Masons' Hall, located in the Shockoe Bottom neighborhood of Richmond, Virginia was built during 1785 to 1787 by Richmond Lodge No. 13 (which in 1786 was renumbered Richmond Lodge No.10. and continues to exist). The building is still the active home of and owned by Richmond Randolph Lodge No.19 who have met in their third floor lodge room continuously since Masons’ Hall was completed in 1787. It was listed on the U.S. National Register of Historic Places in 1973.

== Construction History and Funding ==
The original plan to raise money for Masons’ Hall was a lottery, passed by an act of the Legislature December 27, 1785, permitting raising up to £ 1,500.  The original fundraising committee consisted of John Marshall, Gabriel Galt, Foster Webb Jr., David Lambert, and John Beckley. This lottery was not successful though, and only sold a few tickets after one year.

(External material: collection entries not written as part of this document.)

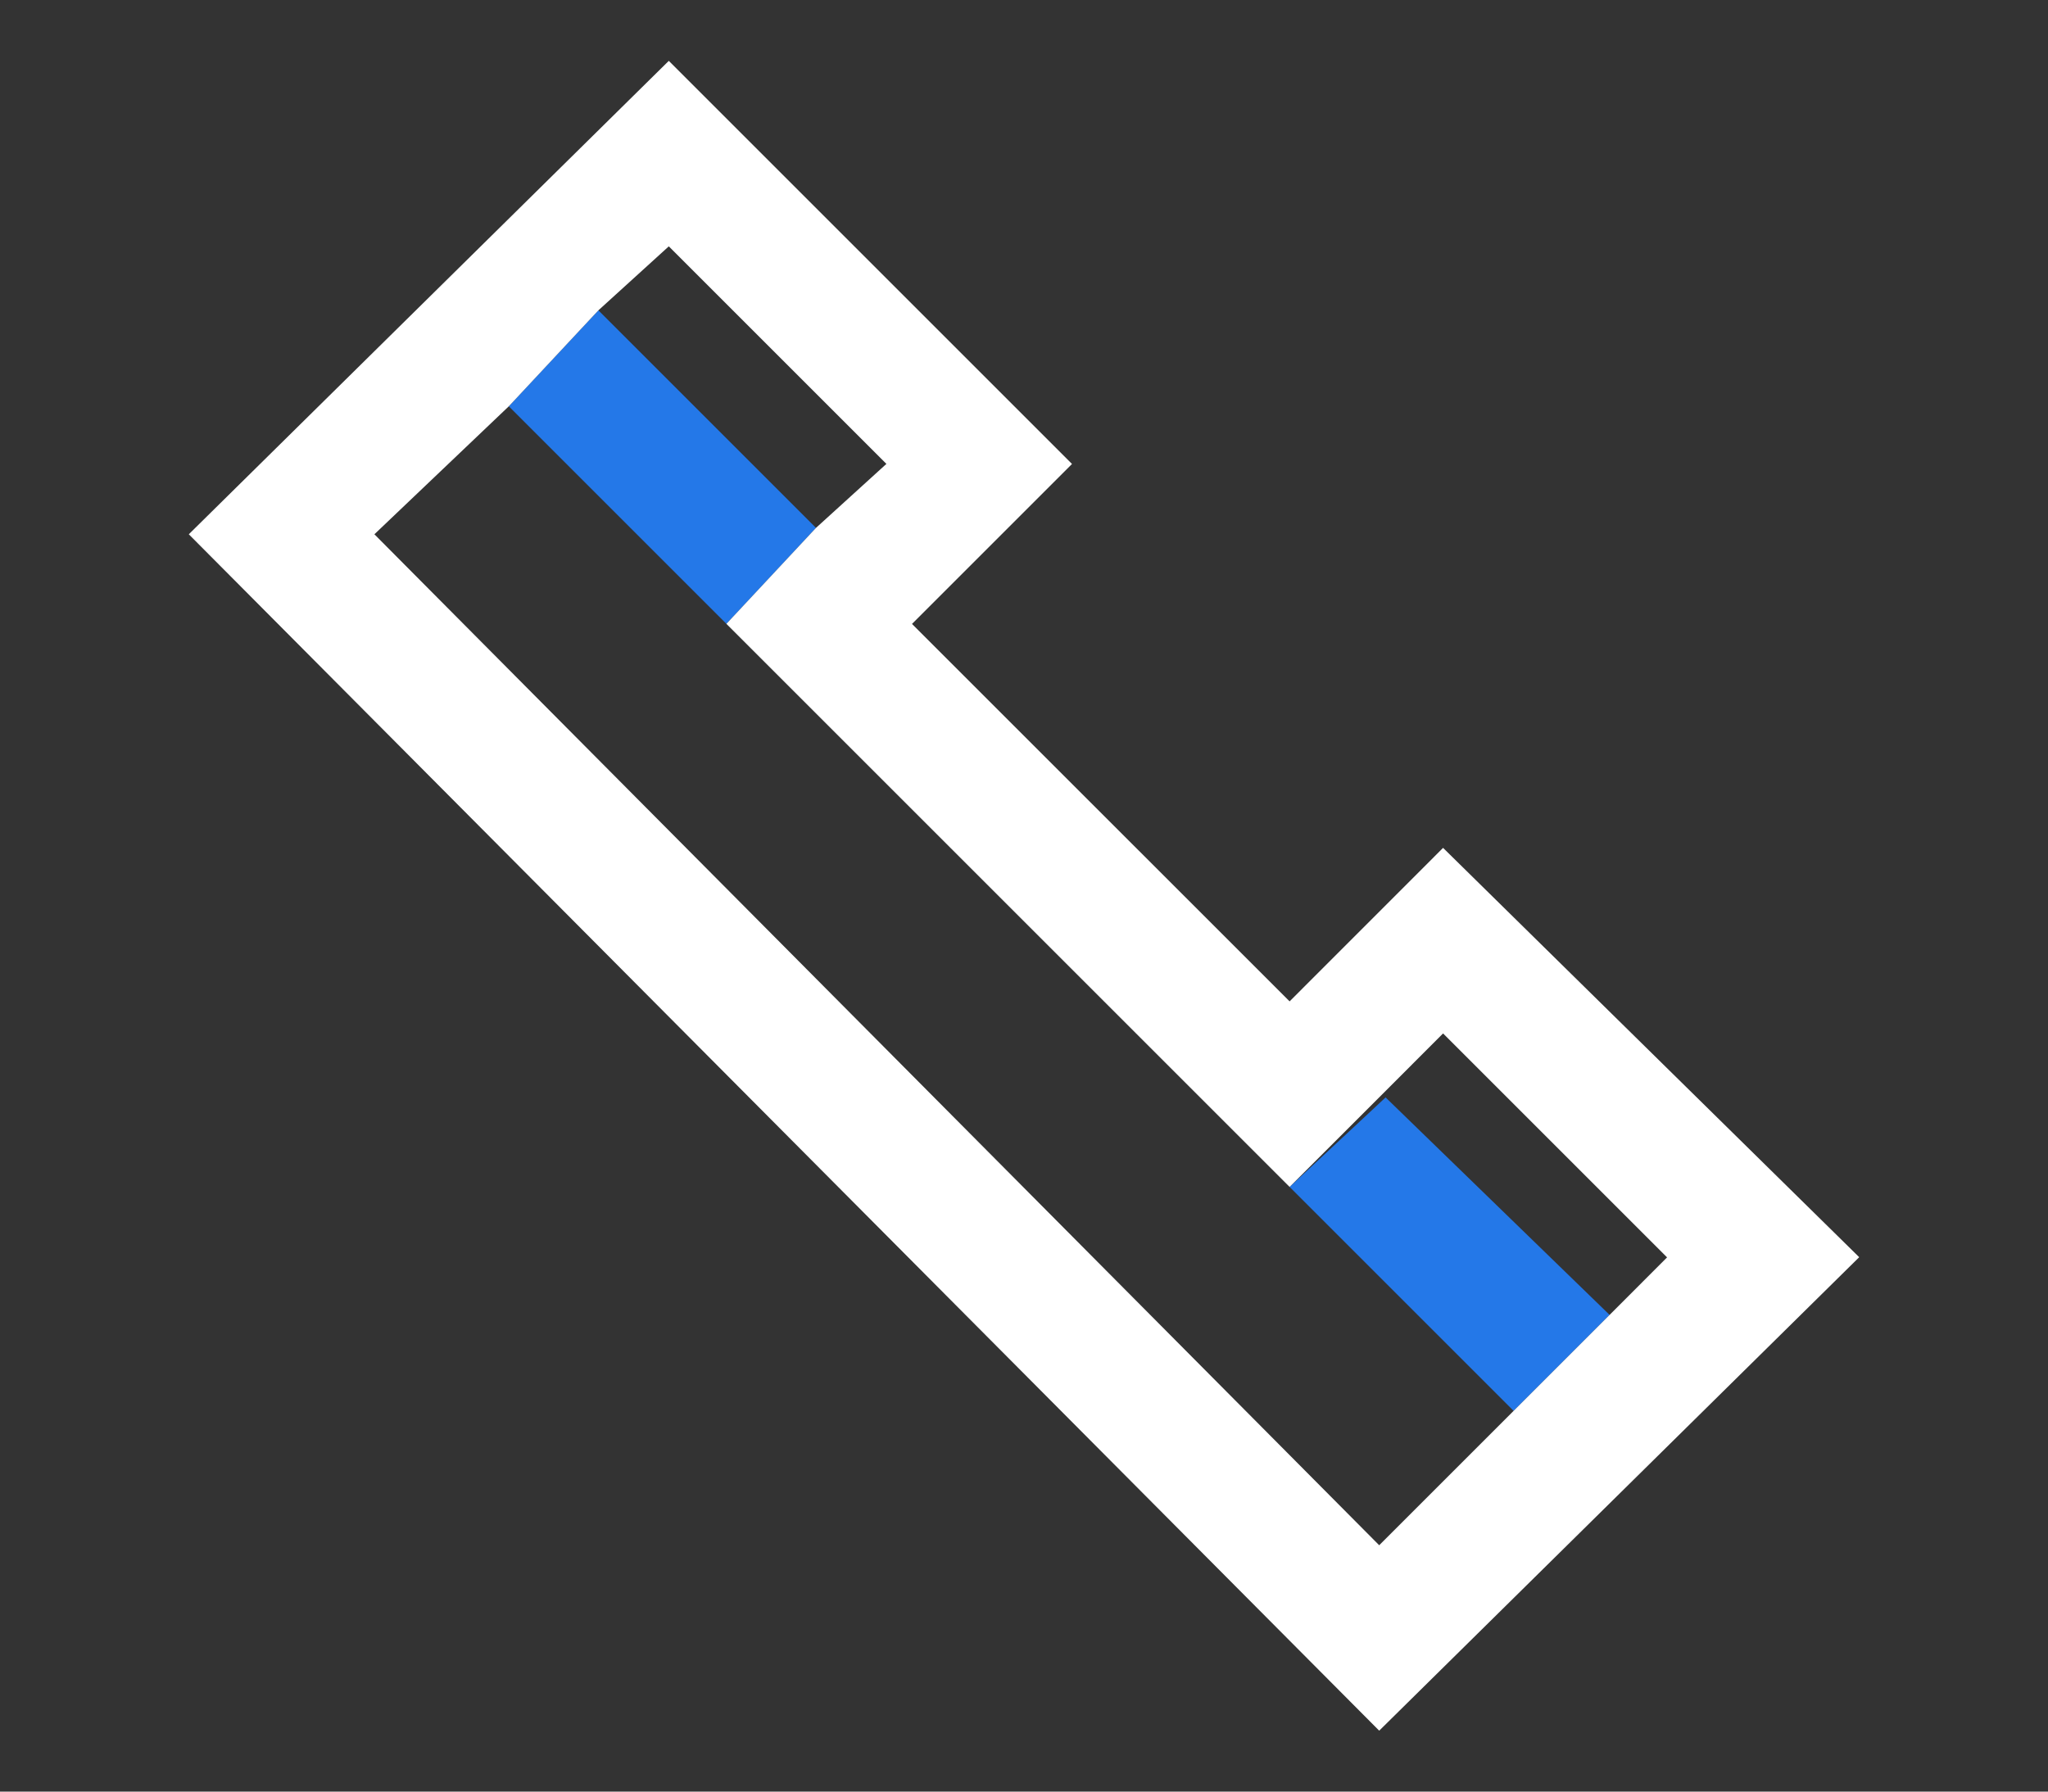 <?xml version="1.0" encoding="utf-8"?>
<!-- Generator: Adobe Illustrator 16.0.0, SVG Export Plug-In . SVG Version: 6.00 Build 0)  -->
<!DOCTYPE svg PUBLIC "-//W3C//DTD SVG 1.1//EN" "http://www.w3.org/Graphics/SVG/1.1/DTD/svg11.dtd">
<svg version="1.1" id="Capa_1" xmlns="http://www.w3.org/2000/svg" xmlns:xlink="http://www.w3.org/1999/xlink" x="0px" y="0px"
	 width="32px" height="28px" viewBox="0 0 32 28" enable-background="new 0 0 32 28" xml:space="preserve">
<rect x="0" y="0" width="32" height="28" fill="#333333" stroke="none"/>
<g>
	<path fill="#2478E8" d="M25.15,20.55l-1.5,1.5l-3.5-3.5l1.5-1.399L25.15,20.55z"/>
	<path fill="#2478E8" d="M11.35,9.75l-3.4-3.4l1.4-1.5l3.4,3.4L11.35,9.75z"/>
	<path fill="#FFFFFF" d="M29.05,19.648l-7.5,7.4L2.95,8.35l7.5-7.399l6.3,6.3l-2.5,2.5l5.9,5.899l2.398-2.399L29.05,19.648z
		 M25.15,20.55l0.898-0.899l-3.5-3.5L21.65,17.05l-1.5,1.5l-0.2-0.2l-8.6-8.6l1.4-1.5l1.1-1l-3.4-3.4l-1.1,1l-1.4,1.5l-2.1,2
		l15.7,15.8l2.101-2.101L25.15,20.55z"/>
</g>
<g display="none">
	<path display="inline" fill="#004059" d="M23.979,15.65c-1.601,2.398-8,11-8,11s-6.4-8.7-8-11c-1.7-2.4-2-5.602-0.9-8.4
		c1.2-2.8,3.6-4.9,6.6-5.7c0.733-0.133,1.5-0.2,2.3-0.2c0.8,0,1.6,0.067,2.399,0.2c2.899,0.8,5.399,2.9,6.5,5.7
		C26.078,10.05,25.68,13.25,23.979,15.65z M22.578,8.05c-0.898-2.2-2.801-3.7-5.1-4.2c-0.467-0.066-0.967-0.1-1.5-0.1
		c-0.467,0-0.967,0.033-1.5,0.1c-2.2,0.5-4.1,2-5,4.2c-0.9,2.101-0.7,4.5,0.6,6.301c1,1.5,4.8,6.399,5.9,8
		c1-1.302,4.799-6.302,5.899-7.9v-0.1C23.18,12.55,23.479,10.15,22.578,8.05z"/>
	<path display="inline" fill="#2478E8" d="M18.479,11.65c-0.5,0.699-2.399,3.2-2.399,3.2s-2-2.5-2.4-3.2c-0.5-0.801-0.6-1.7-0.3-2.5
		c0.4-0.9,1.1-1.5,2-1.7c0.2-0.067,0.433-0.101,0.7-0.101c0.2,0,0.435,0.033,0.7,0.101c0.8,0.2,1.6,0.8,1.9,1.7
		C19.078,9.95,18.979,10.85,18.479,11.65z"/>
</g>
<g display="none">
	<path display="inline" fill="#2478E8" d="M16.05,16.9L5.75,7.4l1.5-1.7l8.7,8l8.8-8l1.5,1.7L16.05,16.9z"/>
	<path display="inline" fill="#004059" d="M4.25,5.2h23.5v17.6H4.25V5.2z M6.55,20.4h18.9V7.5H6.55V20.4z"/>
</g>
</svg>

About this time, many had abandoned hope of raising money by lottery.  Those who had bought tickets were complaining, and the managers wanted to be relieved of the duty.  As of April 13, 1787, it was resolved by the Common Hall that the “Society of Free Masons” would give security in the amount of £ 5,000 and a lodge committee was authorized to raise only  £ 500. It is important to know that months prior, in January 1787, a disastrous fire had destroyed 30-40 houses in Richmond, and burned £ 130,000 worth of property. This was a time when money in Richmond was hard to come by.

At the time of the Richmond fire and the second fundraising attempt, it is believed that the building had not been raised above the first story but had been roofed over, and served as a Lodge room and public hall.

With the far less ambitious amount of £ 500 planned to be raised through the second lottery, a second floor made of wood (rather than brick as originally planned) was completed December 10, 1787, but left the lodge in debt.  The Lodge had only raised £ 400 with the lottery, and on May 28, 1791 a builder named William Booker filed his bill in the County Court of Henrico asking the court to sell the building to pay him an owed balance of £ 247. This sum was paid though by Joseph Darmstadt and the suit was dismissed.   This debt was gradually paid back and years of prosperity followed.

== Historic Status ==
At the time of its NRHP listing, it was the oldest Masonic building in the United States that was built as a Masonic meeting place and used continuously for that purpose, and one of few surviving buildings from the 18th century in Richmond. It was reportedly protected from fire by the command of a Union general, also a Mason, when the Union army occupied Richmond in 1865.

An early non-Masonic meeting held there provided instruction to Virginia's delegates to the U.S. Constitutional Convention.

The building has an octagonal cupola.

== Current Use ==
Masons' Hall continues to be used for masonic purposes and is the home of Richmond Randolph No. 19 Lodge.